The special meeting centered on Resolution 2026-28, a Fiscal Year 2026 budget amendment. In the city’s adopted supplemental budget, officials said the adjustments for the second year of the fiscal biennium were “modest” and driven largely by inflationary increases in the cost of doing business. The city’s budget pages said the supplemental budget was available for public review, and residents with questions or feedback were directed to Interim City Manager Todd Feezer or Administrative Services Director Jennifer Wade. For residents, that matters because even small midyear changes can shape how city services, projects and capital needs are funded through June 30, 2026.

The work session agenda pointed to three issues with broader public impact. The Nedlog Property update came after months of preparation inside city government.

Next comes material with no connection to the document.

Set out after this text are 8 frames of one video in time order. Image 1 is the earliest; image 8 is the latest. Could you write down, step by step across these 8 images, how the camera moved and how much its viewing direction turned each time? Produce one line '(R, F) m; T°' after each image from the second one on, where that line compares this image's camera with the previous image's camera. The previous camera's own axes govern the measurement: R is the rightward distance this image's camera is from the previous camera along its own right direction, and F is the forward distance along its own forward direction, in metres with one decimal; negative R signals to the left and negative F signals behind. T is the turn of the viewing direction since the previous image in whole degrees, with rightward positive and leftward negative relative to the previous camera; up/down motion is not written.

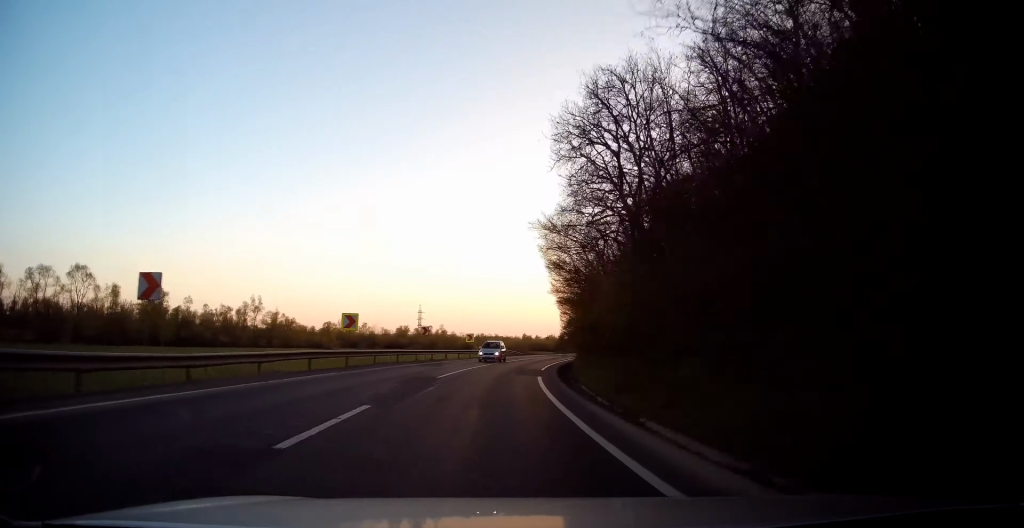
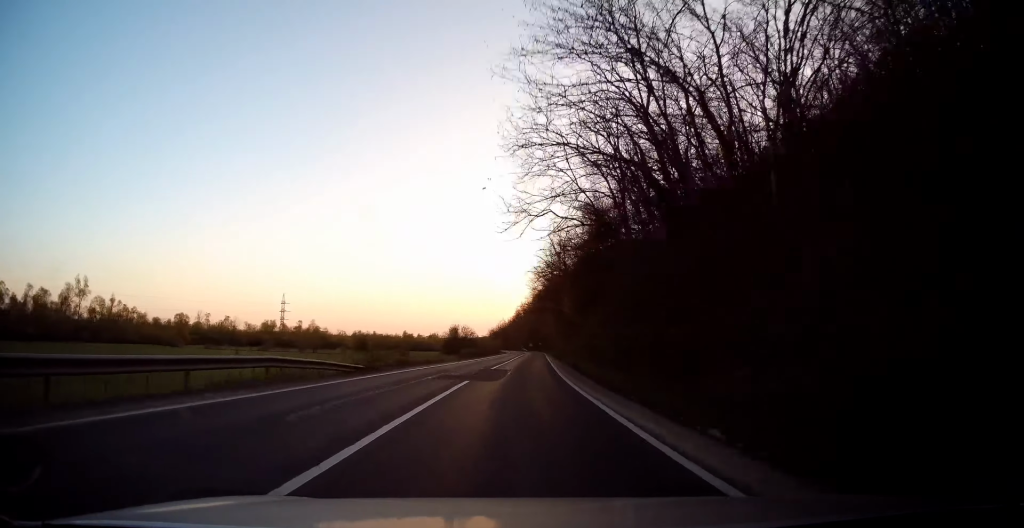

A November 2024 list of future work session topics identified EPA and DEQ remediation of the property as a formal-action item to be handled with the Albany County Board of Commissioners after the U.S. Environmental Protection Agency developed a work plan. In August 2025, Environmental Advisory Committee minutes said members wanted to examine the property because of remediation efforts and building contamination, and suggested bringing in a Wyoming Department of Environmental Quality representative. By February 2026, meeting minutes said the EPA would provide a presentation on the property to council in April.

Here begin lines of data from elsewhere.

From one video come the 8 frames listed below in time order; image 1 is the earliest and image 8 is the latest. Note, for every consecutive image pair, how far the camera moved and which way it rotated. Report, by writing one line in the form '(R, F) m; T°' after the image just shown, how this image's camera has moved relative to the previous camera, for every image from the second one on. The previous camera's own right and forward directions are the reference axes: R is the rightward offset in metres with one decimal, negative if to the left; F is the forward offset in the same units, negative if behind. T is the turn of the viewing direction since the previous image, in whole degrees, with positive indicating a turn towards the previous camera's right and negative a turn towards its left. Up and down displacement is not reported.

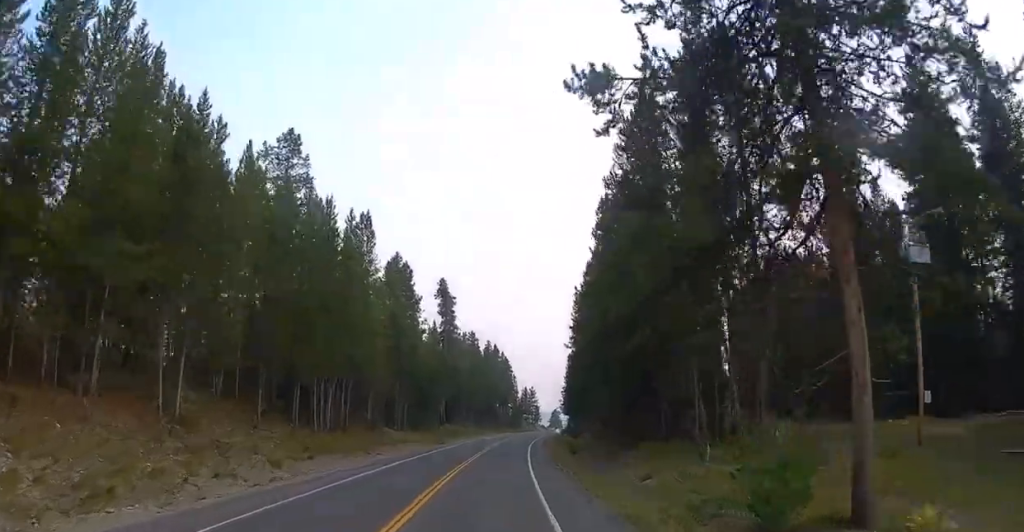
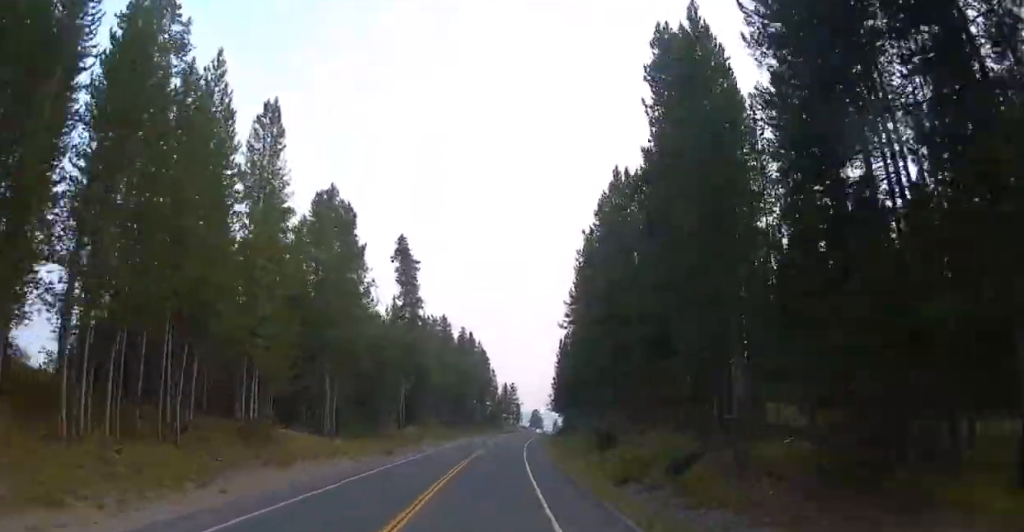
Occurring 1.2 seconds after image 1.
(+0.3, +25.2) m; +2°
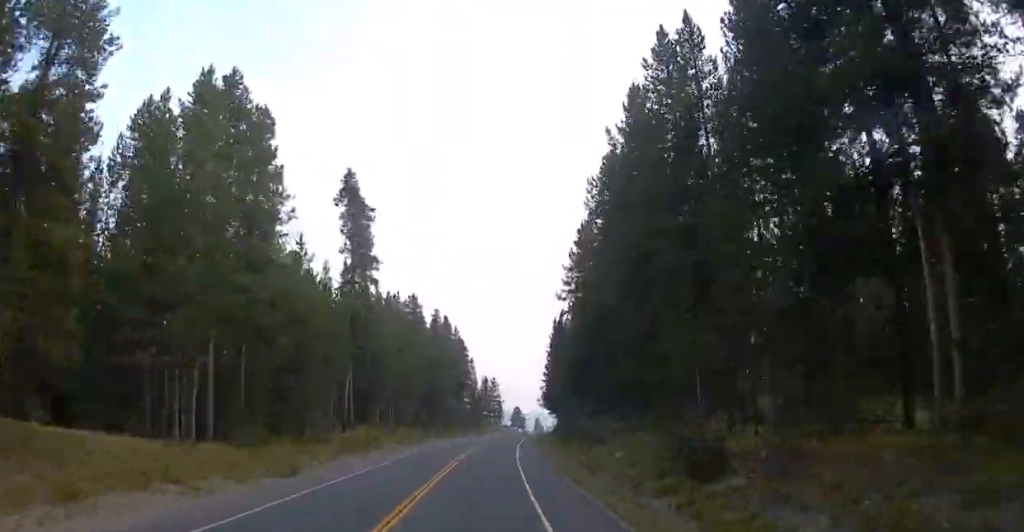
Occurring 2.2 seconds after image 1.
(+0.4, +20.1) m; +2°
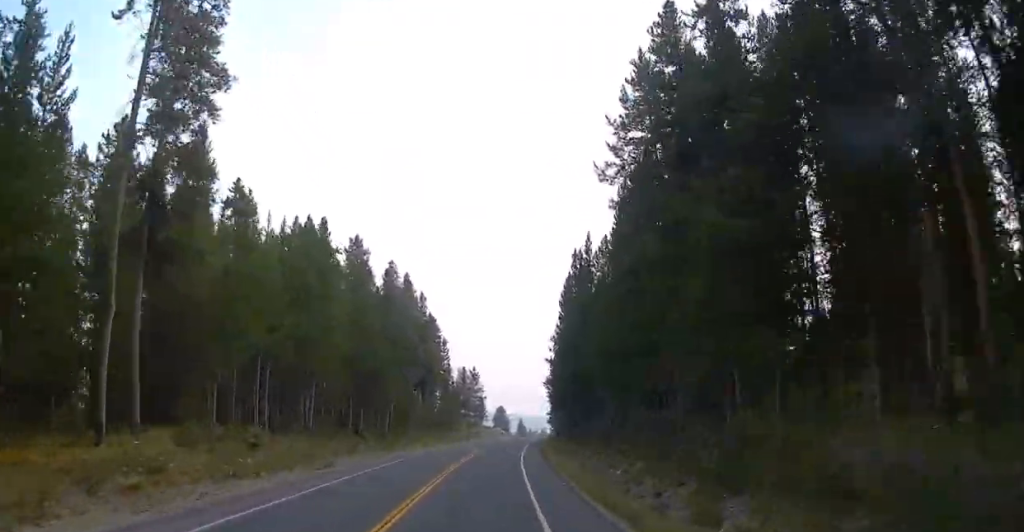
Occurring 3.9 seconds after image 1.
(+0.6, +35.1) m; +2°
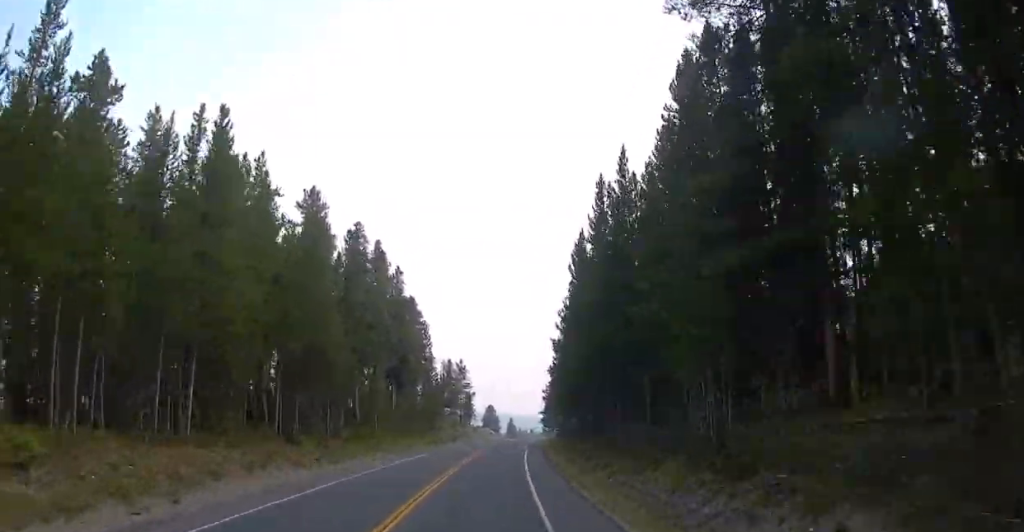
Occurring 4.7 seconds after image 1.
(+0.1, +15.8) m; +1°
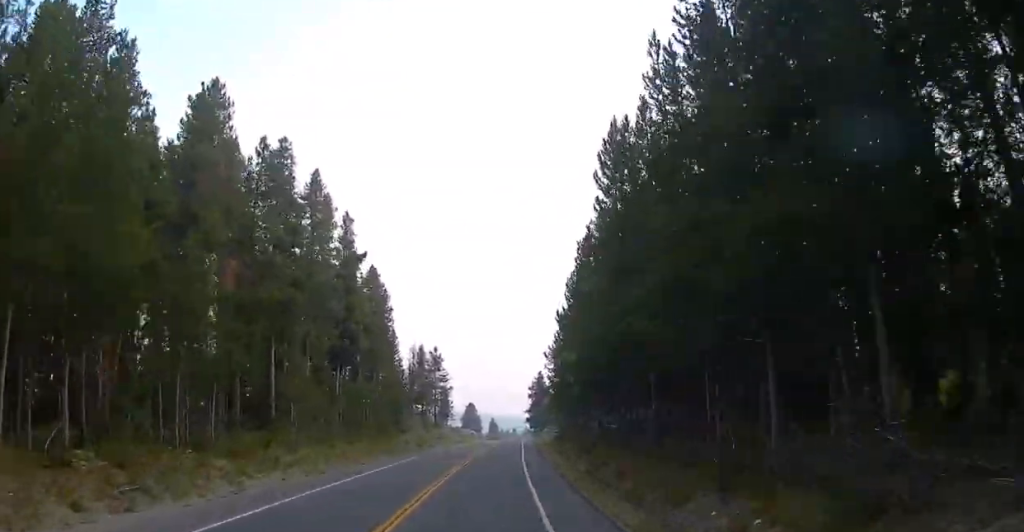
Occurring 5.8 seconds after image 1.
(+0.3, +21.9) m; +1°
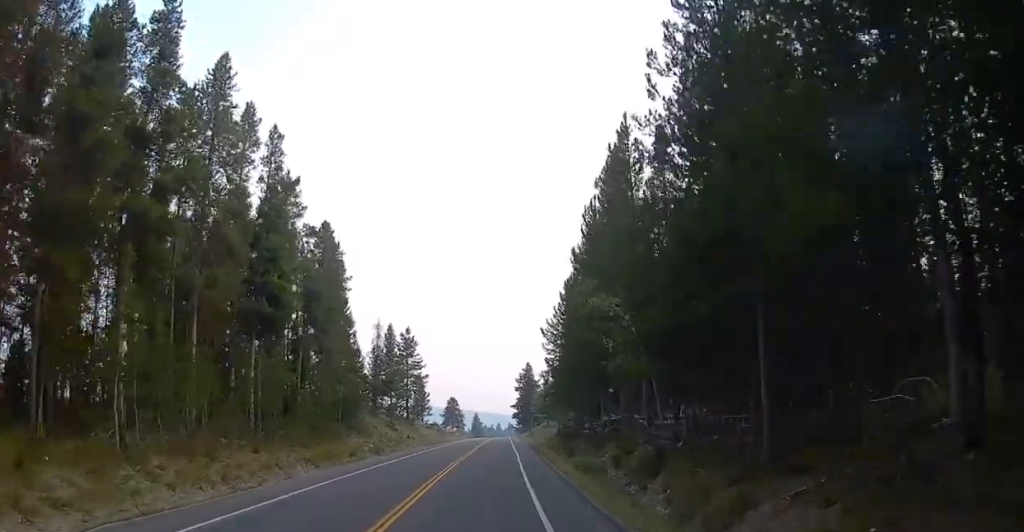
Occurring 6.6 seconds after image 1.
(+0.2, +18.4) m; 0°
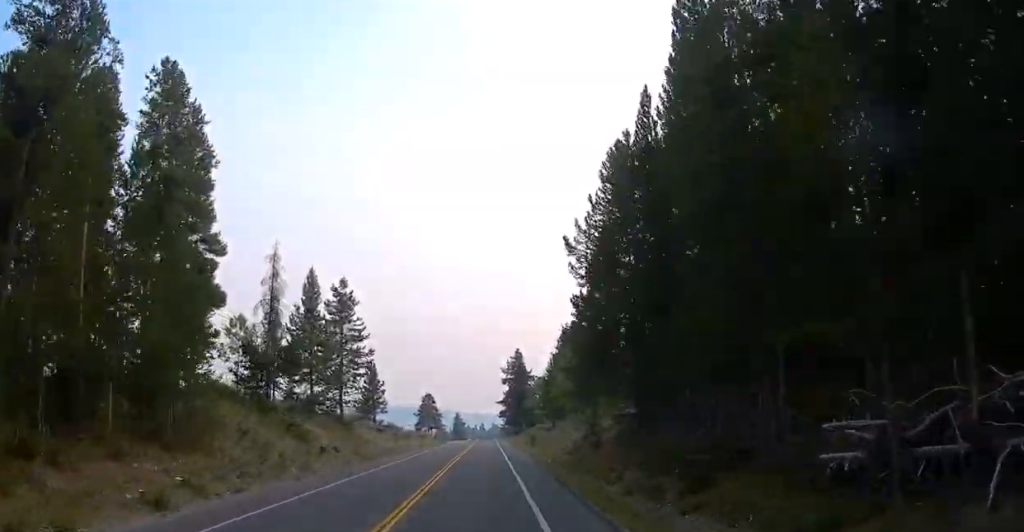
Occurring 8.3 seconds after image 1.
(-0.2, +32.5) m; -2°

Parking was the other issue likely to draw close attention from anyone living near campus or trying to find a place to park downtown. Earlier council background materials said the Laramie Police Department would update council on parking enforcement efforts and recommend changes to improve compliance and ease resident concerns. The city also posted a request for qualifications in spring 2025 for powered on-street parking enforcement solutions, including software. Laramie’s residential parking district ordinance, adopted as Ordinance 1142 in 1994, still gives residents near the University of Wyoming campus a way to form permitted parking districts.

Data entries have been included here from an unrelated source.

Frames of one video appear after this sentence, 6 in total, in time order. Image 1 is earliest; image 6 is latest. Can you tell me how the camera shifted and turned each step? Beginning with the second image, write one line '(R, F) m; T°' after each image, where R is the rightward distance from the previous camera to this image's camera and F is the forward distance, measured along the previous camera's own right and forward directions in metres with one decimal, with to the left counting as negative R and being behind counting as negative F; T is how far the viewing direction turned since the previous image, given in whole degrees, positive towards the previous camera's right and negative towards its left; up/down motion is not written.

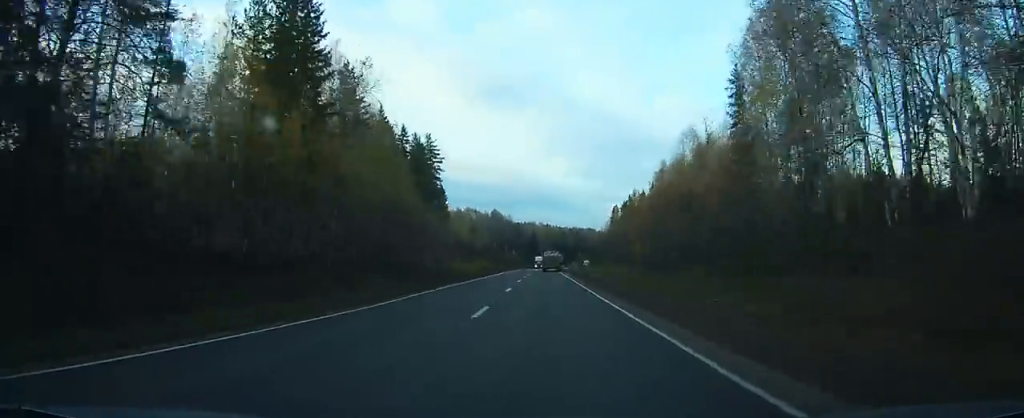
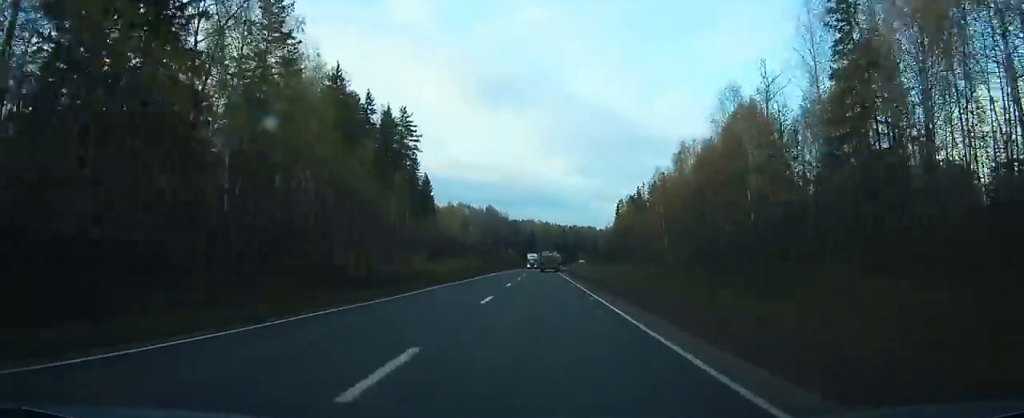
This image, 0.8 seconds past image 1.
(-0.1, +20.1) m; 0°
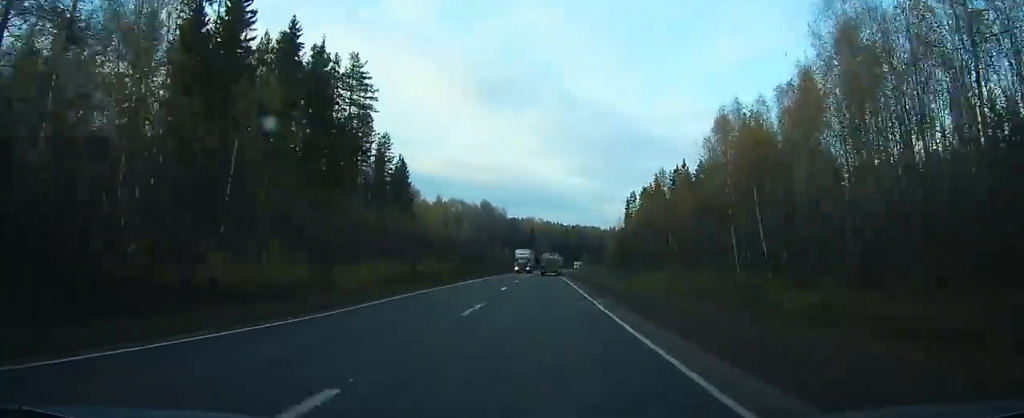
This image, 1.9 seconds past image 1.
(-0.1, +26.8) m; 0°
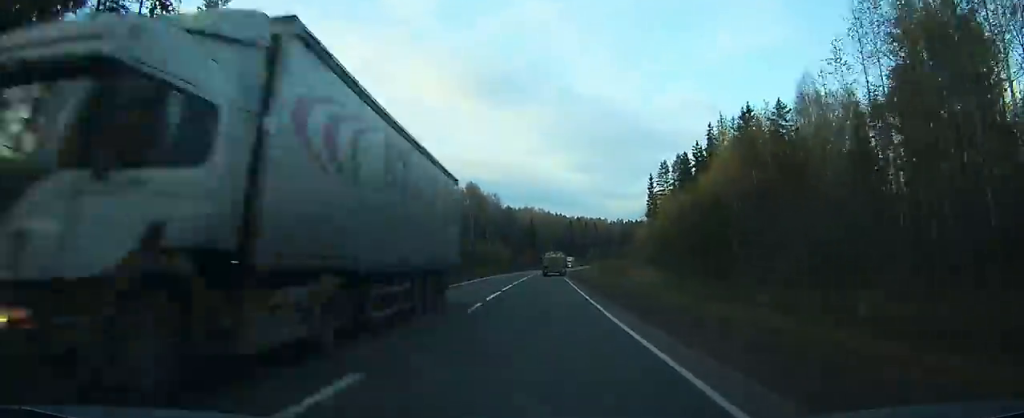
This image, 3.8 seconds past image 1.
(-0.1, +48.0) m; 0°
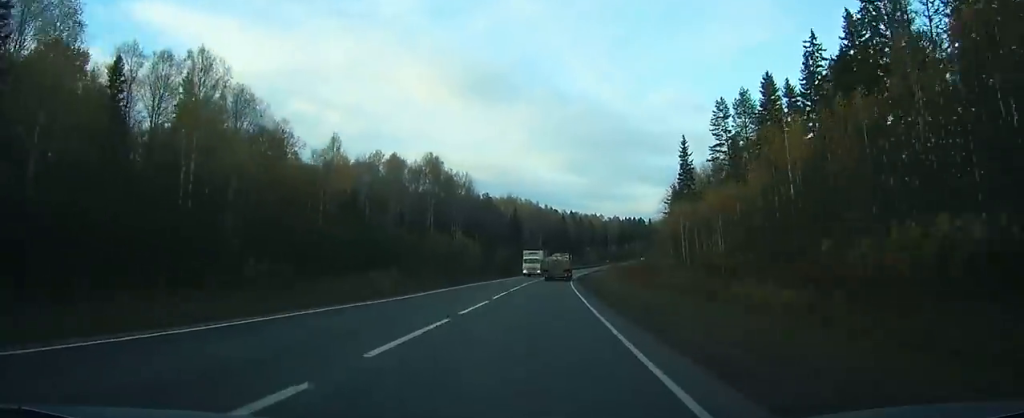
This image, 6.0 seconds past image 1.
(+0.1, +53.7) m; +1°
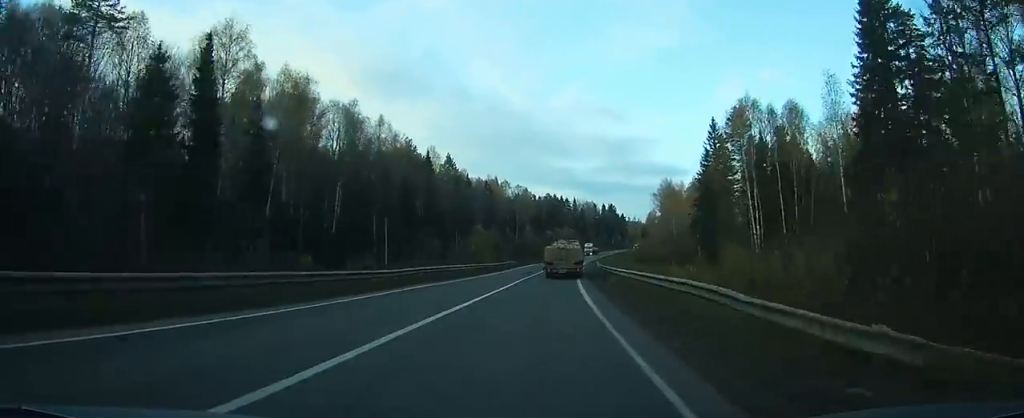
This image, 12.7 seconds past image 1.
(+7.3, +158.2) m; +8°

Water planning rounded out the work session with a question that reaches far beyond one meeting. The city says its water system relies on the Big Laramie River and well fields completed in the Casper Aquifer, with the Laramie River described as the largest single source of water. The briefing was framed around where the city stands, what remains unknown and what comes next, underscoring that council was dealing with immediate budget work while also looking ahead to the city’s long-term supply and growth pressures.